IV.      Religious Liberty in Peril

Finally, the more egregious part of Justice Kennedy’s opinion is its treatment of religious liberty. The opinion is 34 pages long and it devotes one paragraph (three sentences, to be exact!) to religious liberty. We might as well quote it in its entirety:

Finally, it must be emphasized that religions, and those who adhere to religious doctrines, may continue to advocate with utmost, sincere conviction that, by divine precepts, same-sex marriage should not be condoned. The First Amendment ensures that religious organizations and persons are given proper protection as they seek to teach the principles that are so fulfilling and so central to their lives and faiths, and to their own deep aspirations to continue the family structure they have long revered. The same is true of those who oppose same-sex marriage for other reasons.

That’s it.  He basically says, “Don’t worry about it” to one of the most pressing problems facing our nation after this lawless decision.  He should tell that to former Atlanta Fire Chief Kelvin Cochran, or Richard and Betty Odgaard, or Barronelle Stutzman, or Elaine Huguenin. We could go on and on. And the cases will only multiply exponentially after Justice Kennedy’s reckless actions.

Justice Roberts again brings light to the situation:

The majority graciously suggests that religious believers may continue to “advocate” and “teach” their views of marriage. The First Amendment guarantees, however, the freedom to “exercise” religion. Ominously, that is not a word the majority uses.

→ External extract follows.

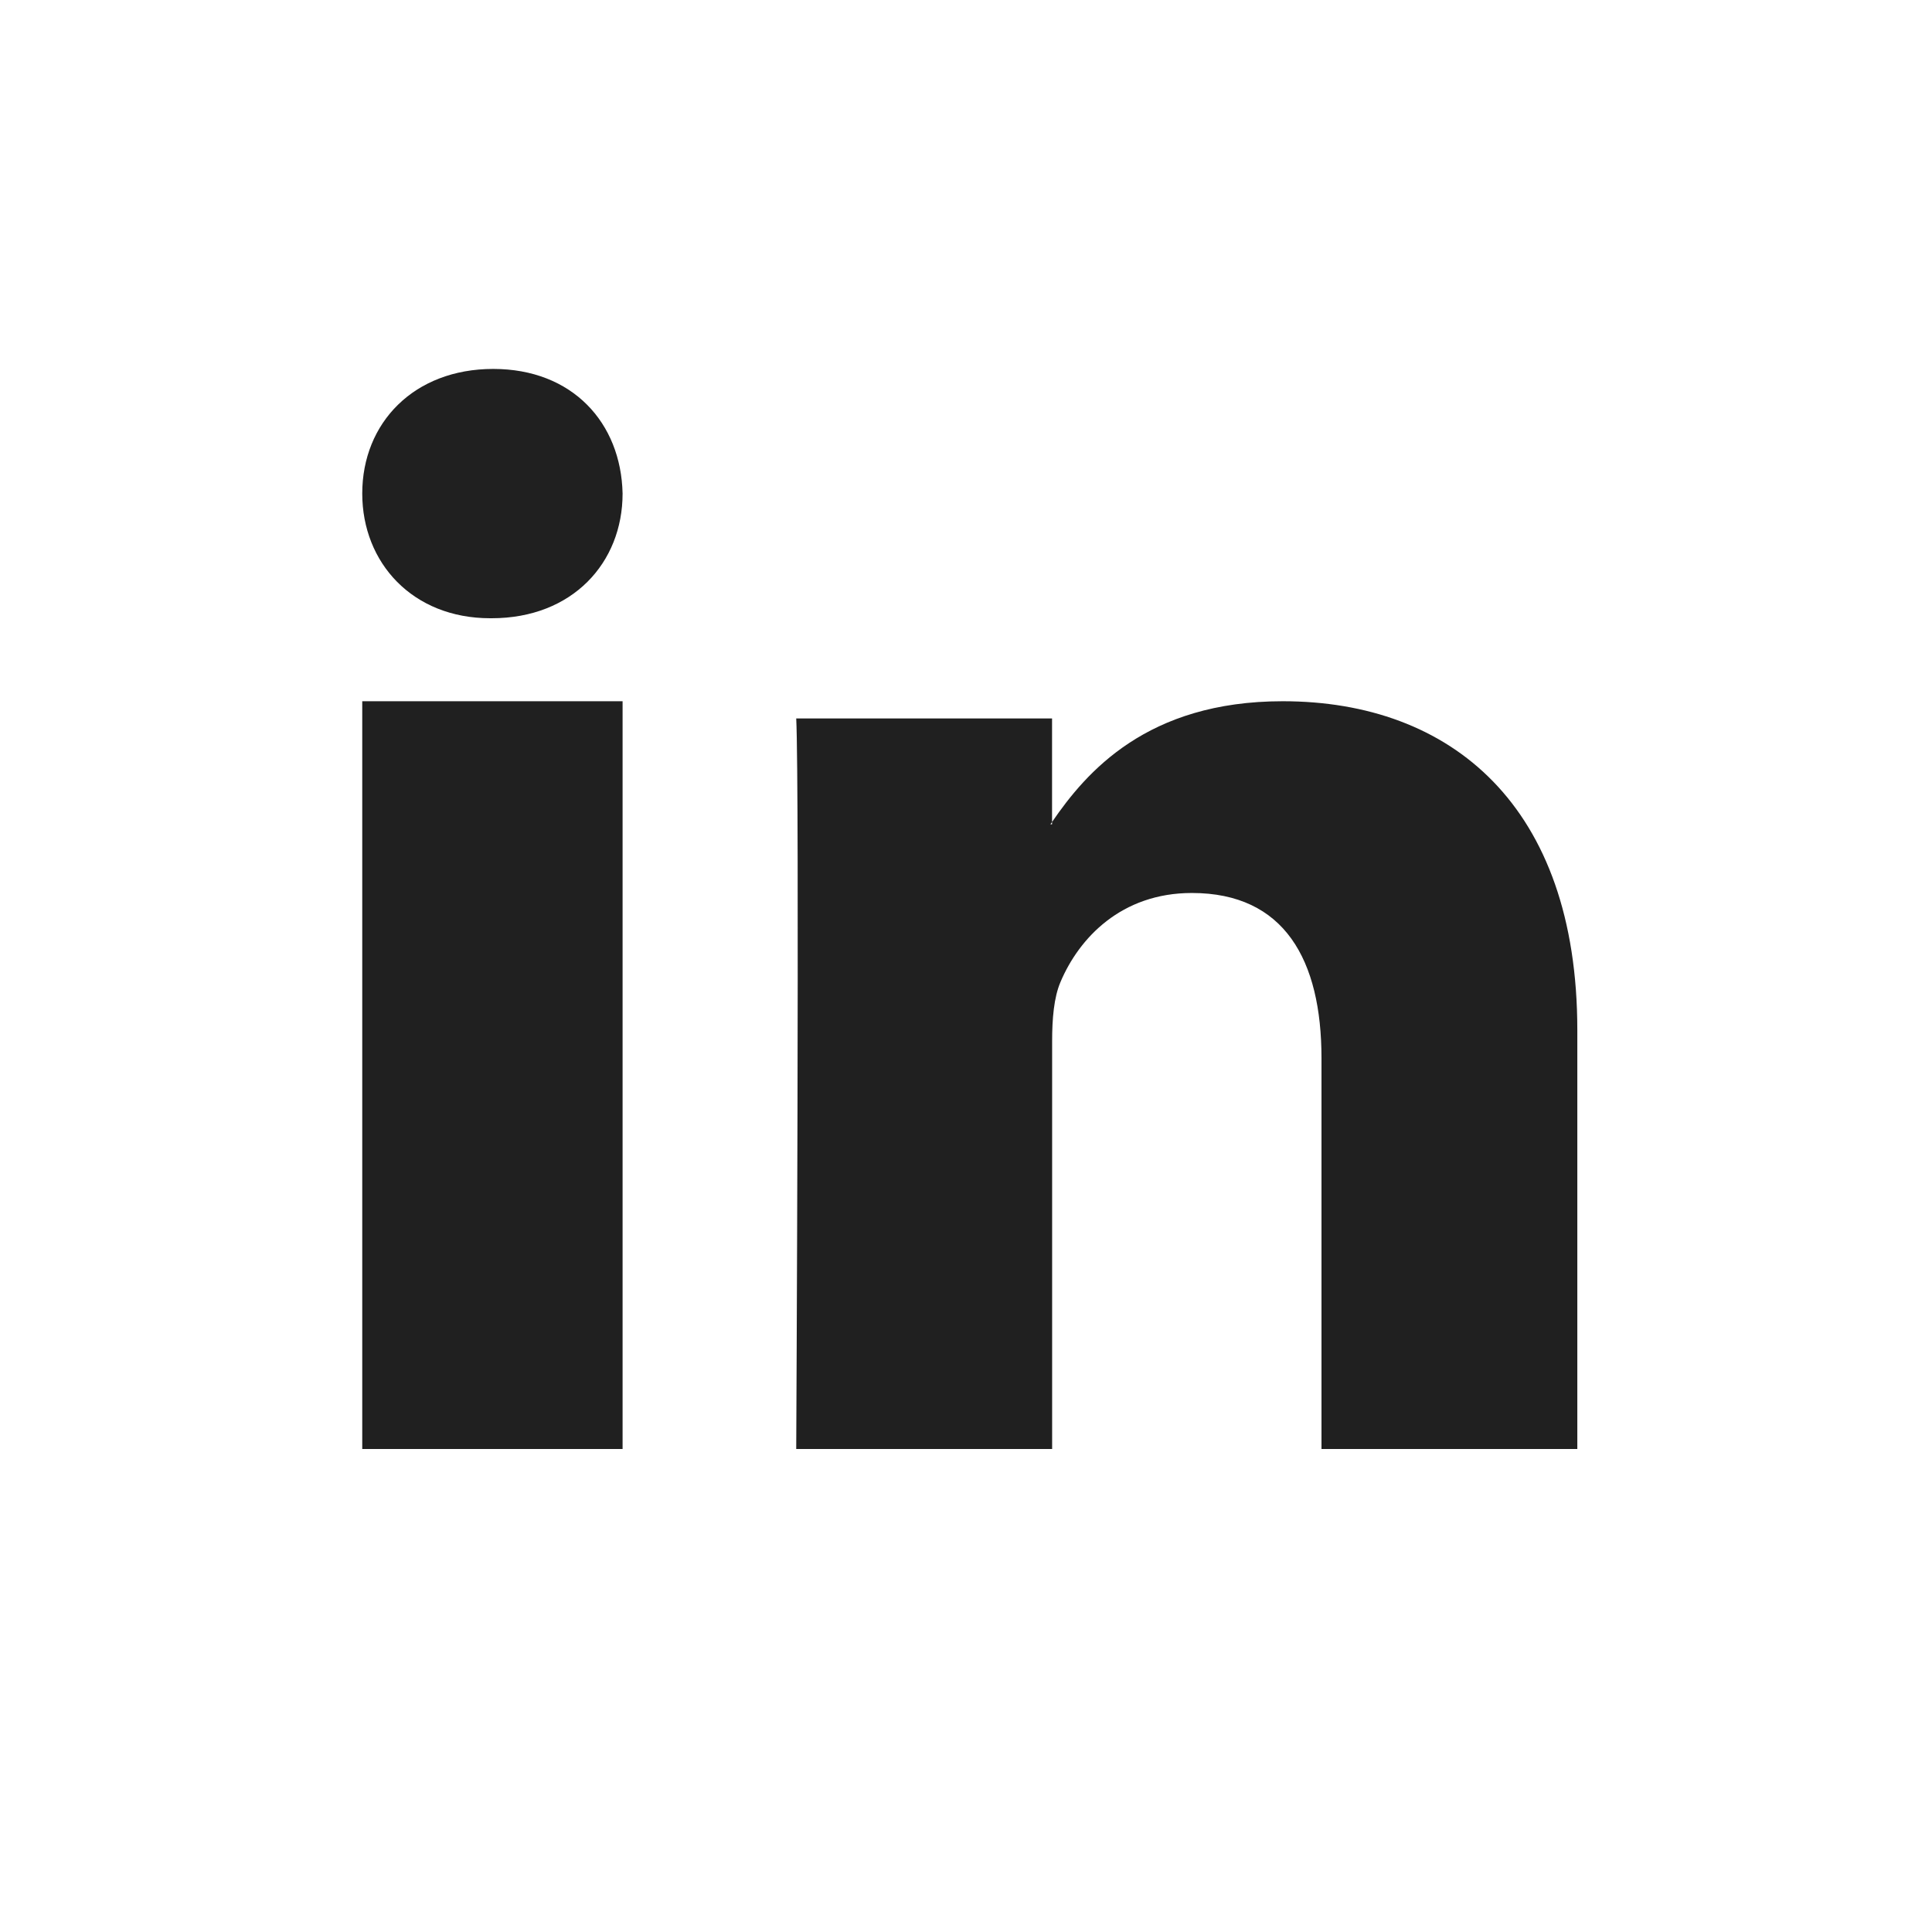 <svg viewBox="0 0 24 24" fill="none" xmlns="http://www.w3.org/2000/svg">
  <path data-name="layer1" fill-rule="evenodd" clip-rule="evenodd" d="M6.127 4.583C5.143 4.583 4.5 5.252 4.5 6.131C4.5 6.991 5.125 7.68 6.089 7.68H6.108C7.111 7.68 7.734 6.991 7.734 6.131C7.715 5.252 7.111 4.583 6.127 4.583ZM19.594 12.796V18H16.416V13.145C16.416 11.925 15.956 11.093 14.806 11.093C13.928 11.093 13.405 11.654 13.175 12.196C13.091 12.39 13.07 12.66 13.07 12.932V18H9.891C9.891 18 9.933 9.777 9.891 8.925H13.069V10.211C13.066 10.216 13.063 10.22 13.059 10.225C13.056 10.23 13.052 10.236 13.049 10.24H13.069V10.211C13.492 9.594 14.246 8.711 15.934 8.711C18.026 8.711 19.594 10.009 19.594 12.796ZM7.734 18H4.5V8.711H7.734V18Z" fill="#202020"/>
</svg>

Hard questions arise when people of faith exercise religion in ways that may be seen to conflict with the new right to same-sex marriage—when, for example, a religious college provides married student housing only to opposite-sex married couples, or a religious adoption agency declines to place children with same-sex married couples. Indeed, the Solicitor General candidly acknowledged that the tax exemptions of some religious institutions would be in question if they opposed same-sex marriage. There is little doubt that these and similar questions will soon be before this Court. Unfortunately, people of faith can take no comfort in the treatment they receive from the majority today. (Citations omitted).

I hope you don’t miss what the Chief Justice of the Supreme Court of the United States is telling us.  We can find no (zero) comfort from the words of the Court on religious liberty.  On the contrary, their purposeful misuse of words in lieu of “exercise” of religion should be cause for alarm to us all.

This decision is a disaster for American jurisprudence and American culture. The warning signs do not get clearer than this. When the Constitution can be disregarded so blatantly, we have no constitution. We must wake up before it is too late.